Optimize safetensors loading with 1D contiguous reads and ICI resharding.

BlaziusMaximus · Orbax Authors · commit b582c81bb2ed · 2026-04-01T09:28:33.000-07:00
PiperOrigin-RevId: 892406249
diff --git a/checkpoint/orbax/checkpoint/experimental/v1/_src/layout/safetensors_layout.py b/checkpoint/orbax/checkpoint/experimental/v1/_src/layout/safetensors_layout.py
@@ -14,25 +14,32 @@
 
 """Defines `SafetensorsLayout`, a class to handle Safetensors checkpoint formats."""
 
+import asyncio
 import collections
 import json
-from typing import Any, Awaitable, Sequence, cast
+import logging
+import time
+from typing import Any, Awaitable, Sequence
 
 import jax
 import jax.numpy as jnp
 import numpy as np
-from orbax.checkpoint._src.arrays import numpy_utils
+from orbax.checkpoint._src.multihost import multihost as multihost_v0
 from orbax.checkpoint._src.path import async_path
 from orbax.checkpoint.experimental.v1._src.layout import checkpoint_layout
 from orbax.checkpoint.experimental.v1._src.metadata import types as metadata_types
 from orbax.checkpoint.experimental.v1._src.path import types
+from orbax.checkpoint.experimental.v1._src.synchronization import multihost
 
 CheckpointLayout = checkpoint_layout.CheckpointLayout
 InvalidLayoutError = checkpoint_layout.InvalidLayoutError
 Path = types.Path
 
 HEADER_NUM_BYTES = 8
 SAFETENSORS_SUFFIX = ".safetensors"
+MAX_GAP_SIZE_BYTES = (
+    32 * 1024 * 1024
+)  # 32 MB gap allowed between tensors in a coalesced read block
 
 
 def _get_dtypes() -> dict[str, Any]:
@@ -92,75 +99,6 @@ def _get_array_properties(info: dict[str, Any]) -> tuple[tuple[int, ...], Any]:
   return shape, dtype
 
 
-async def _read_non_contiguous_slice(
-    f: async_path.AsyncFile,
-    idx: tuple[slice, ...],
-    stored_shape: tuple[int, ...],
-    stored_dtype: np.dtype,
-    tensor_file_offset: int,
-) -> np.ndarray:
-  """Reads a slice of a tensor from a file.
-
-  This function solves the problem of reading a multi-dimensional slice from an
-  array where the slice's data is not stored as a single, contiguous block in
-  the file.
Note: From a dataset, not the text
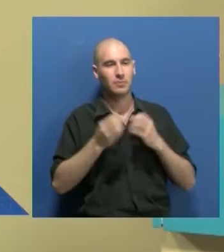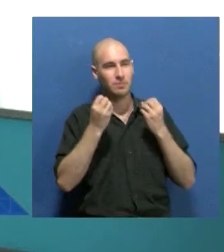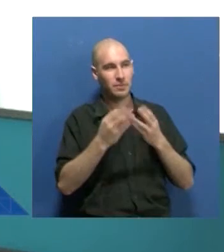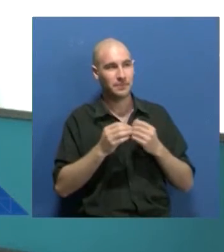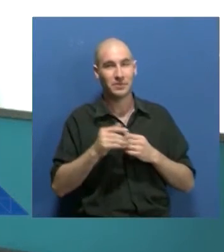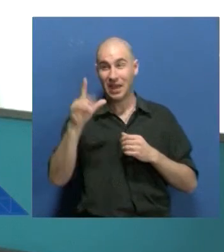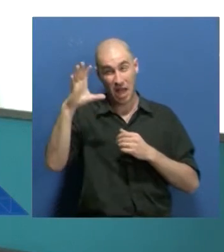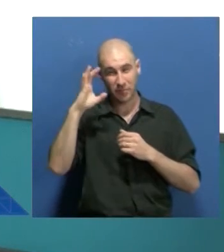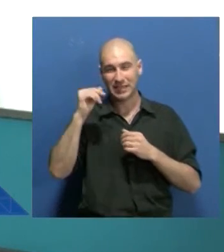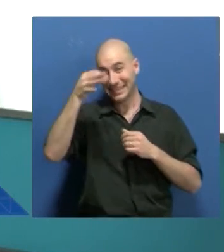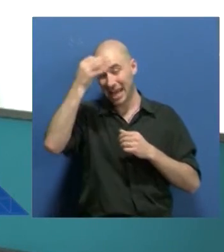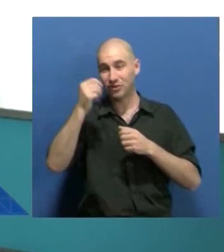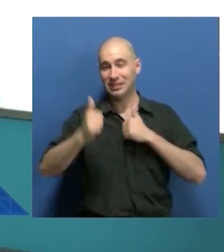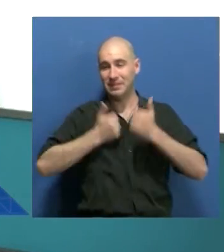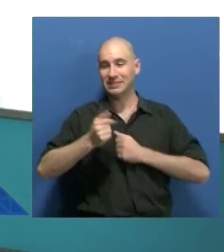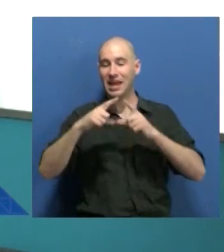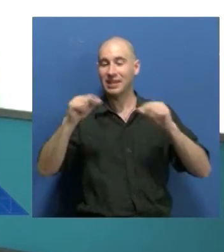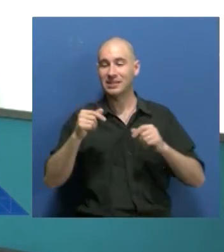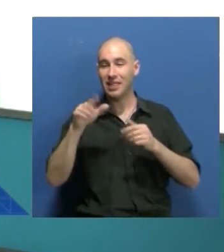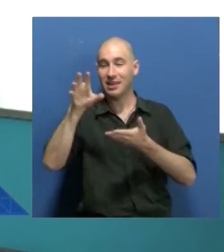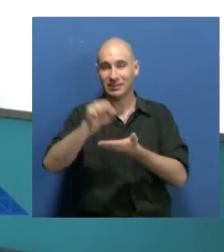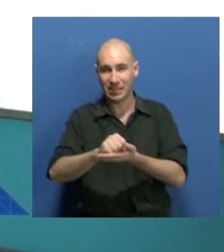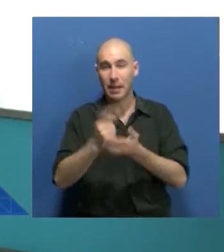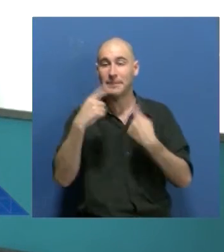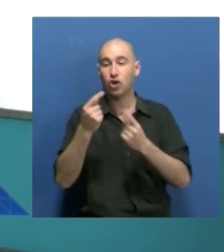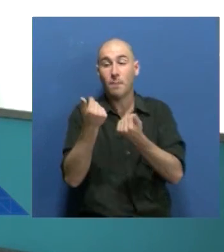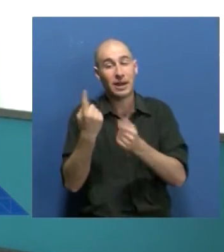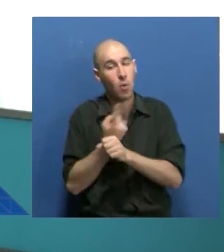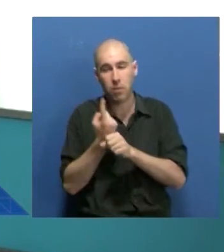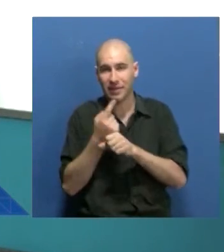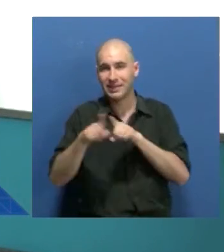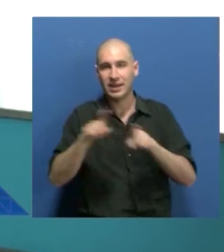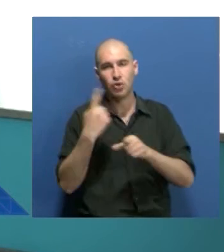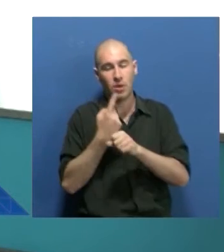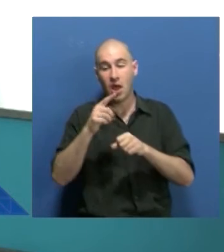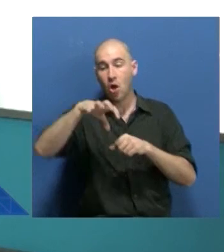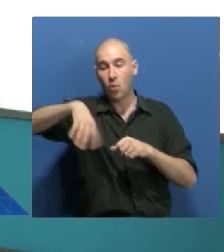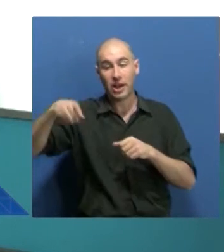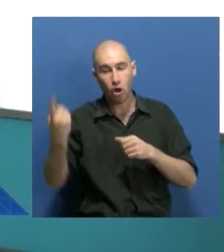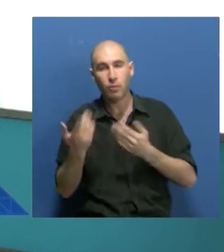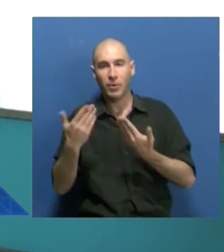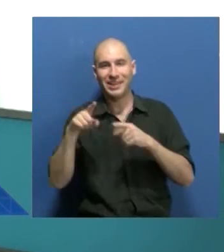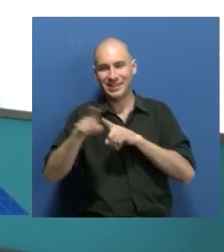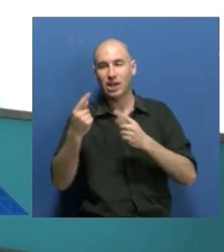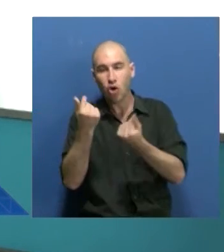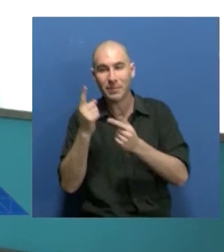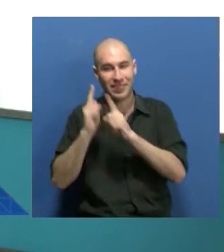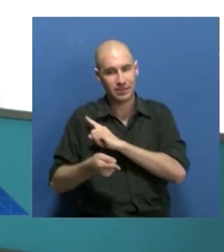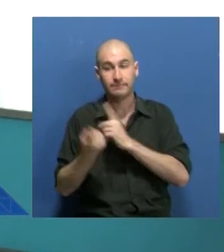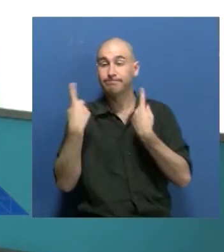Recordemos que en el Teatro Independencia las entradas se pueden reservar, pero no comprar por internet, porque en algunas otras salas se pueden comprar por internet directamente. Exacto, sí, sí, sí. Pero en el caso del Teatro
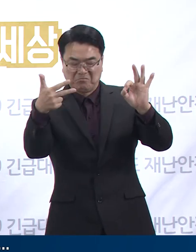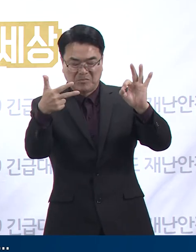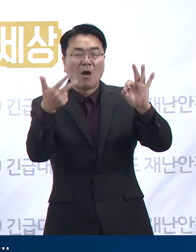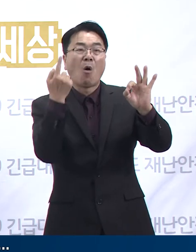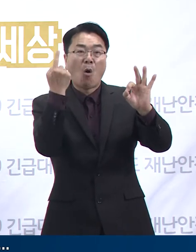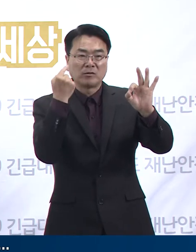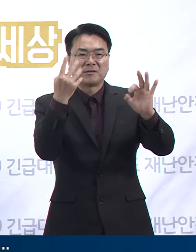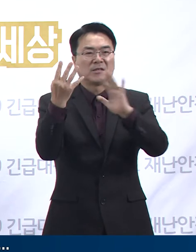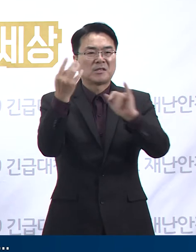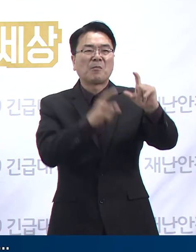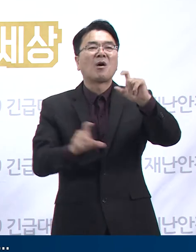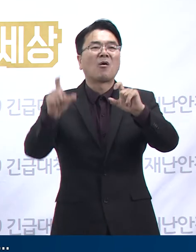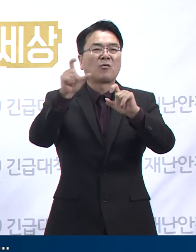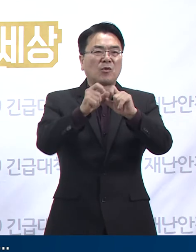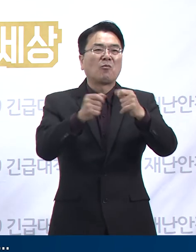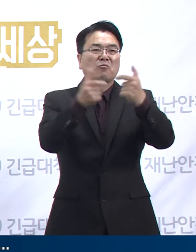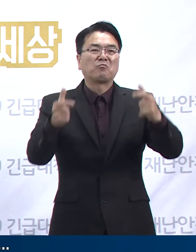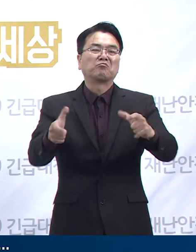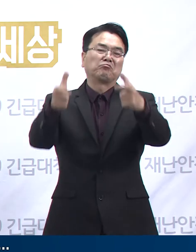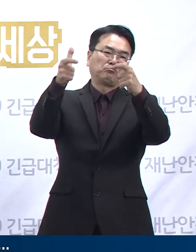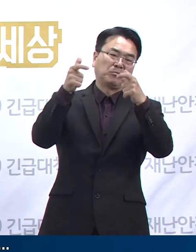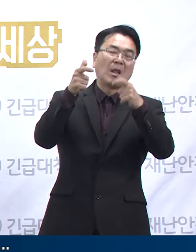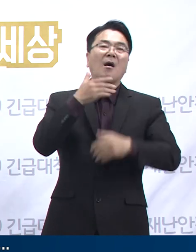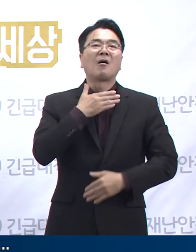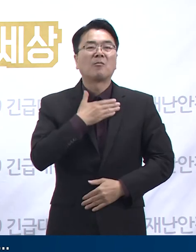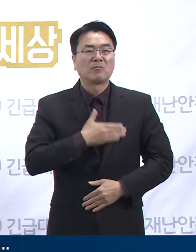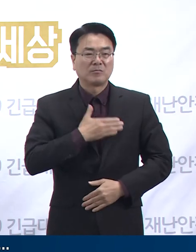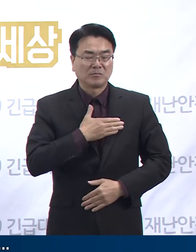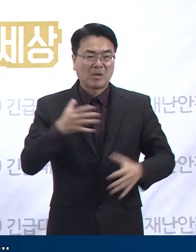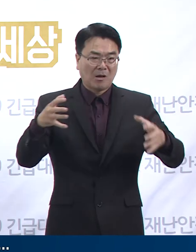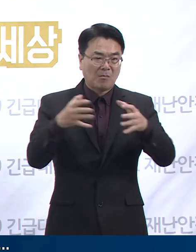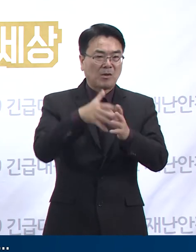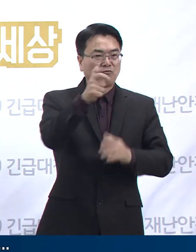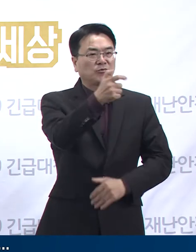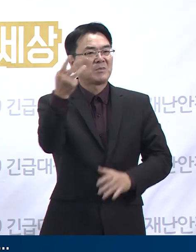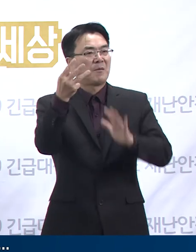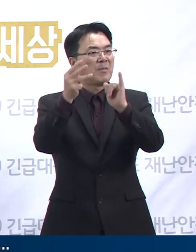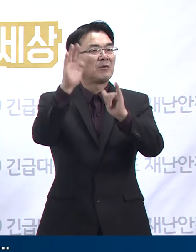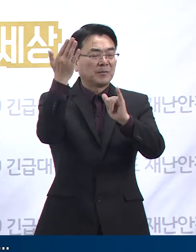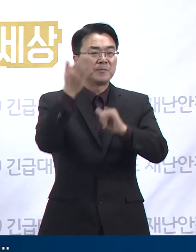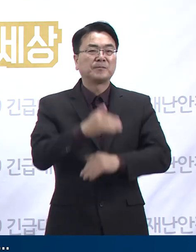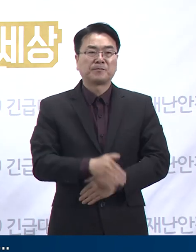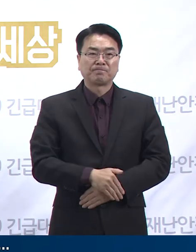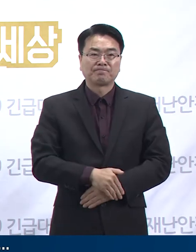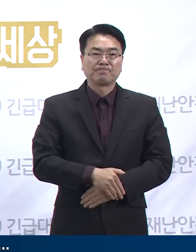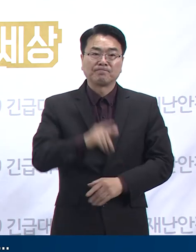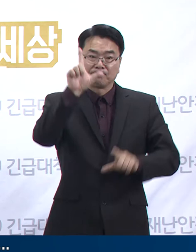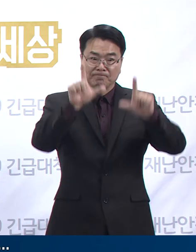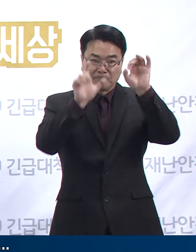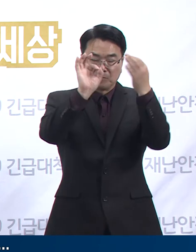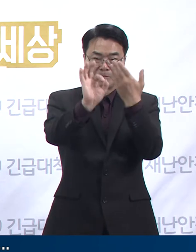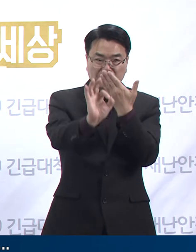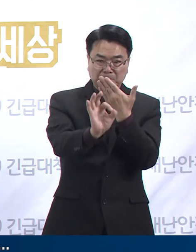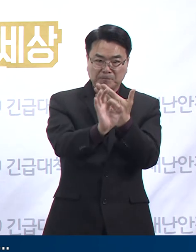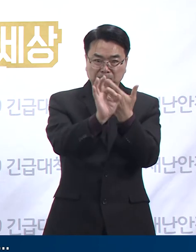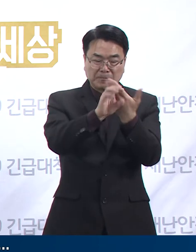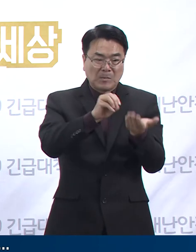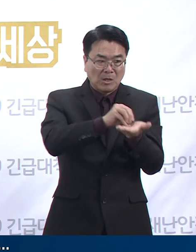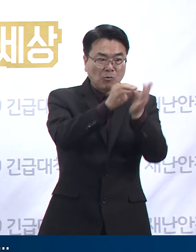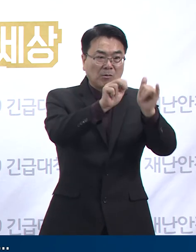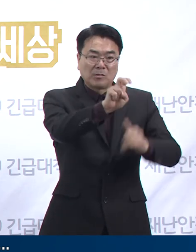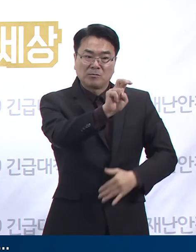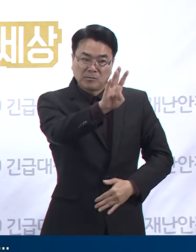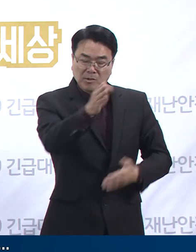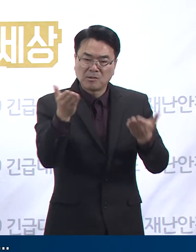판정받으면서 28일 0시 기준 확진자는 총 63명으로 늘어났습니다. 확진자 현황은 행복해 요양원 입소자 23명,

It does so by recursively "walking" the dimensions of the slice.
-
-  Args:
-      f: The asynchronous file object (binary read mode)
-      idx: A tuple of slice objects representing the n-dimensional slice to
-        read.
-      stored_shape: The shape of the tensor.
-      stored_dtype: The `dtype` of the tensor.
-      tensor_file_offset: The starting byte offset of the tensor's data within
-        the file.
-
-  Returns:
-      The specific tensor slice.
-  """
-  # Handle 0-d scalar case
-  if not idx:
-    await f.seek(tensor_file_offset)
-    num_bytes = np.dtype(stored_dtype).itemsize
-    scalar_bytes = await f.read(num_bytes)
-    # Reshape to () to create a 0-D NumPy array.
-    return np.frombuffer(scalar_bytes, dtype=stored_dtype).reshape(())
-
-  itemsize = np.dtype(stored_dtype).itemsize
-
-  # Calculate the byte strides for the full tensor. The stride for a
-  # dimension is the number of bytes to "jump" to get to the next element
-  # in that dimension while keeping all other indices the same.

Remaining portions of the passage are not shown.